I think there is a case for them to pay for any consequential loss incurred; some users will not have the technical skills to remove the software and may need the services of a specialist company. Obviously after being the victim of this abuse, users can’t really be expected to trust the perpetrator of this crime to fix it. So they would need to pay for a suitable anti virus solution and they would need to pay indefinitely to keep this updated to avoid any future viruses written to use Sony’s exploit. Users may also consider claiming for lost time in the research, investigation, analysis and implementation of the solution to the Sony rootkit. Surely Sony should be forced to replaced the CD’s for legitimate CD’s that contain just the music that each client contracted to purchase.

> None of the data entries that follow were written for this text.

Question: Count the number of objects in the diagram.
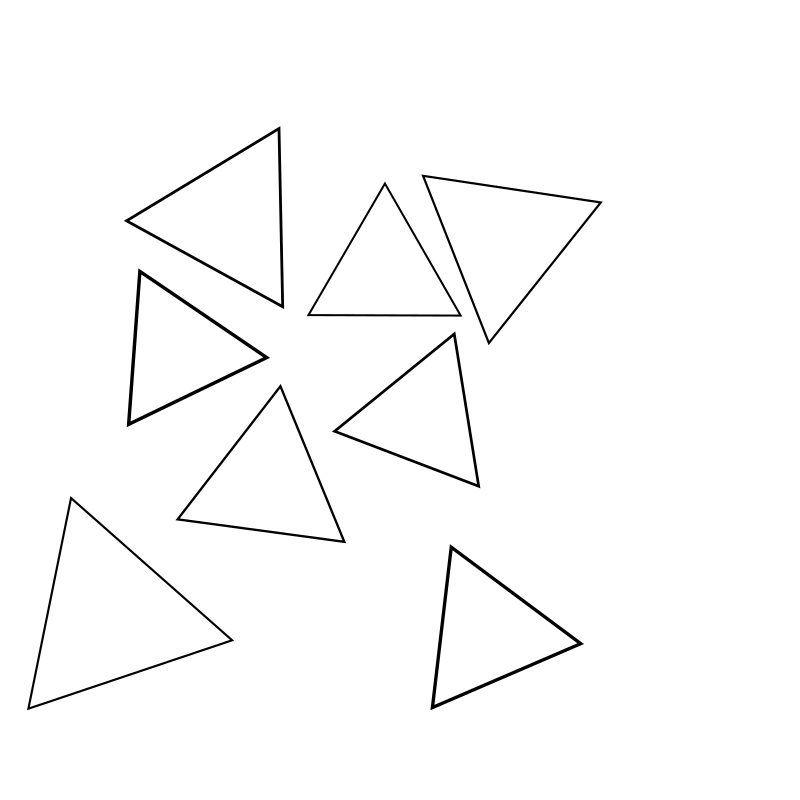
Answer: 8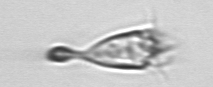
Label: Paratontonia_gracillima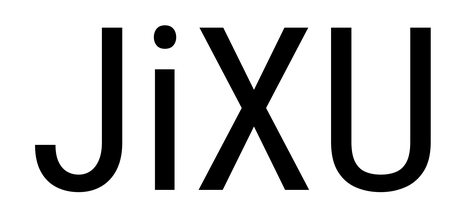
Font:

Any judge considering this case needs to consider the cost of viruses this link

shows that a single virus like slammer costs close to 1 billion dollars and Sony's is worse because different viruses can be written using the Sony exploit.

The Sony exploit shows an incredible arrogance on Sony’s part, the decision to implement this rootkit must have been made at a very high level certain in the knowledge of the potential dangers. I find it incredible to think that Sony could treat it’s customers with such contempt.

The problem with the whole music and film industry is that they have simply failed to understand why people illegally copy their CD’s and DVD’s. Yet will a little lateral thinking the whole problem of copyright theft could be obliterated almost overnight.

The problem is a simple one; GREED. Sony and others have the right to sell their products at any price they choose but if users can purchase an empty CD for 20c or less in their local store, this does make one wonder what price Sony pays. So is it any surprise then that many people feel ripped off when asked to pay up to $30 for a CD, the same issue applies to DVD’s.

The solution for Sony and other companies is not DRM or rootkits, the solution is to simply drop the retail price of current album CD’s and DVD’s to $2 and $5 respectively. I am not talking about old titles, I mean new releases, oldies, compilations – everything. This price should also be the same worldwide to prevent grey importing.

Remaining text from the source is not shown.